Le viol est acte patriarcal dans toute son horreur, qui dépossède les femmes de leur autonomie et de leur corps, mentalement et physiquement. C’est un homme qui s’imagine qu’une femme ne peut lui dire non. Et que même si elle dit non, elle pense oui. Il faut juste la forcer un peu pour lui donner envie. Le désir n’a pas à être réciproque. L’appétit vient en mangeant comme on dit. Et si elle ne dit rien c’est forcément qu’elle était d’accord, qui ne dit mot consent. Sinon elle aurait fait en sorte pour ça s’arrête.

Le Discours Masculiniste

Après une première partie érotisante, Roger Dadoun affiche sa théorie masculiniste, celle déjà énoncée par Alain Soral ou Éric Zemmour. Si la société va mal, si les hommes peuvent commettre des « frasques libidinales » (autrement dit des viols), cela est dû à une raison : la féminisation (ou hystérisation) de la société.

Sous couvert d’une pseudo-théorie psychatrisante et néo-freudienne obscure, difficilement compréhensible, il développe l’idée que les hommes sont aujourd’hui plus souvent sujets à une « hystérisation des réactions », « imprévisibles et passagères » qu’ils ne peuvent contrôler. Et s’ils ne contrôlent pas ces moments « d’hystère », ils ne peuvent être ni condamnés, ni culpabilisés. Théorie déjà défendue par Marcela Iacub, journaliste-masculiniste de son état. Accusation envers les femmes, défense de l’ordre patriarcal et de ses privilèges, Roger Dadoun brille par son idéologie réactionnaire.

Néo-freudisme et féminisation de la société L’auteur recycle l’idée d’hystérie. Fortement connotée, cette notion signifie littéralement relatif à l’utérus, et reste dans les représentations collectives, une sorte de fureur agressive d’origine purement féminine. Ne dit-on pas d’ailleurs des féministes quelles sont des hystériques mal-baisées ?

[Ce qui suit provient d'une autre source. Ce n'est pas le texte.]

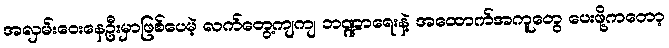
အလှမ်းဝေးနေဦးမှာဖြစ်ပေမဲ့ လက်တွေ့ကျကျ ဘဏ္ဍာရေးနဲ့ အထောက်အကူတွေ ပေးဖို့ကတော့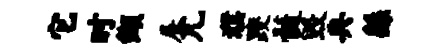
它时缬展兀濮躞髓毁典繇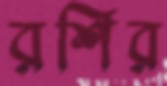
রশির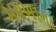
મયખાના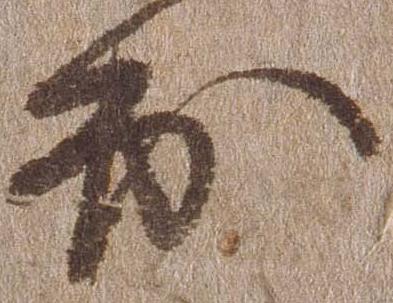
出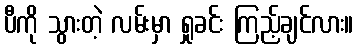
ပီကို သွားတဲ့ လမ်းမှာ ရှုခင်း ကြည့်ချင်လား။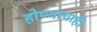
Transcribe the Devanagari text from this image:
होण्याचाही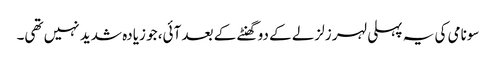
سونامی کی یہ پہلی لہر زلزلے کے دو گھنٹے کے بعد آئی، جو زیادہ شدید نہیں تھی۔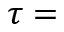
\tau =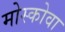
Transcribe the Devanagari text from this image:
मोस्कोवा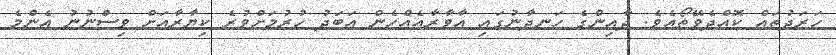
ހަރަދުތައް ކޮއްދެވޭތޯއެވެ. ދާޢިންގެ ހަނދާނުގައި އާވާރާއެއްހެން އަބަދު ހުރުމަށްވުރެ ކިޔާރާއަށް ވިސްނުނު އެންމެ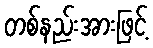
တစ်နည်းအားဖြင့်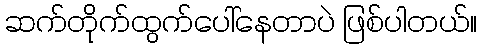
ဆက်တိုက်ထွက်ပေါ်နေတာပဲ ဖြစ်ပါတယ်။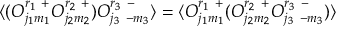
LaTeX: \langle ( { \cal O } _ { j _ { 1 } m _ { 1 } } ^ { r _ { 1 } ~ + } { \cal O } _ { j _ { 2 } m _ { 2 } } ^ { r _ { 2 } ~ + } ) { \cal O } _ { j _ { 3 } ~ { - m _ { 3 } } } ^ { r _ { 3 } ~ - } \rangle = \langle { \cal O } _ { j _ { 1 } m _ { 1 } } ^ { r _ { 1 } ~ + } ( { \cal O } _ { j _ { 2 } m _ { 2 } } ^ { r _ { 2 } ~ + } { \cal O } _ { j _ { 3 } ~ { - m _ { 3 } } } ^ { r _ { 3 } ~ - } ) \rangle \nonumber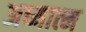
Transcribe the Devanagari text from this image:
अध्यात्‍म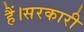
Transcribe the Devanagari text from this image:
हैं।सरकारी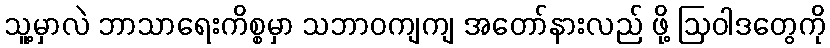
သူ့မှာလဲ ဘာသာရေးကိစ္စမှာ သဘာဝကျကျ အတော်နားလည် ဖို့ ဩဝါဒတွေကို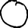
Digit: 0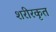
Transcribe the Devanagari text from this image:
शरीरकृत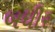
બધીર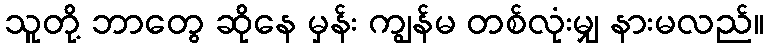
သူတို့ ဘာတွေ ဆိုနေ မှန်း ကျွန်မ တစ်လုံးမျှ နားမလည်။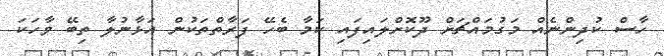
ހާސް ކުދިންނެއް މަގުމައްޗަށް ދޫކޮށްލައިފައި ކަމާ ބެހޭ ފަރާތްތަކުން އަޅާނުލާ ތިބޭ ވާހަކަ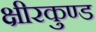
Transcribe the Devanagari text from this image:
क्षीरकुण्ड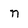
Character: n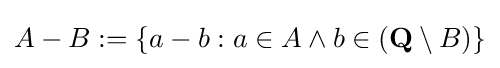
A-B:=\{a-b:a\in A\land b\in ({\textbf {Q}}\setminus B)\}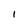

Et bien cet état psychologique (qui selon Freud concerne autant les hommes que les femmes), toucherait aujourd’hui plus « les hommes que les femmes selon l’évolution sociale actuelle ». Mais l’auteur ne nous en dit pas plus sur ce qu’est cette prétendue évolution sociale, ni pourquoi elle toucherait plus les hommes que les femmes. Le mystère reste entier…

Par contre, il nous explique très bien comment elle s’incarne : par des comportements comme les mimiques, la gestuelle, les lapsus, les éclats, les mensonges allant jusqu’à des « bouffées asmathiques d’énergie libidinale » (admirez le vocabulaire et l’envolée lyrique). Là aussi, on se ne sait absolument pas pourquoi elle toucherait plus les hommes que les femmes, ni d’où vient cette théorie et quelles en sont les preuves.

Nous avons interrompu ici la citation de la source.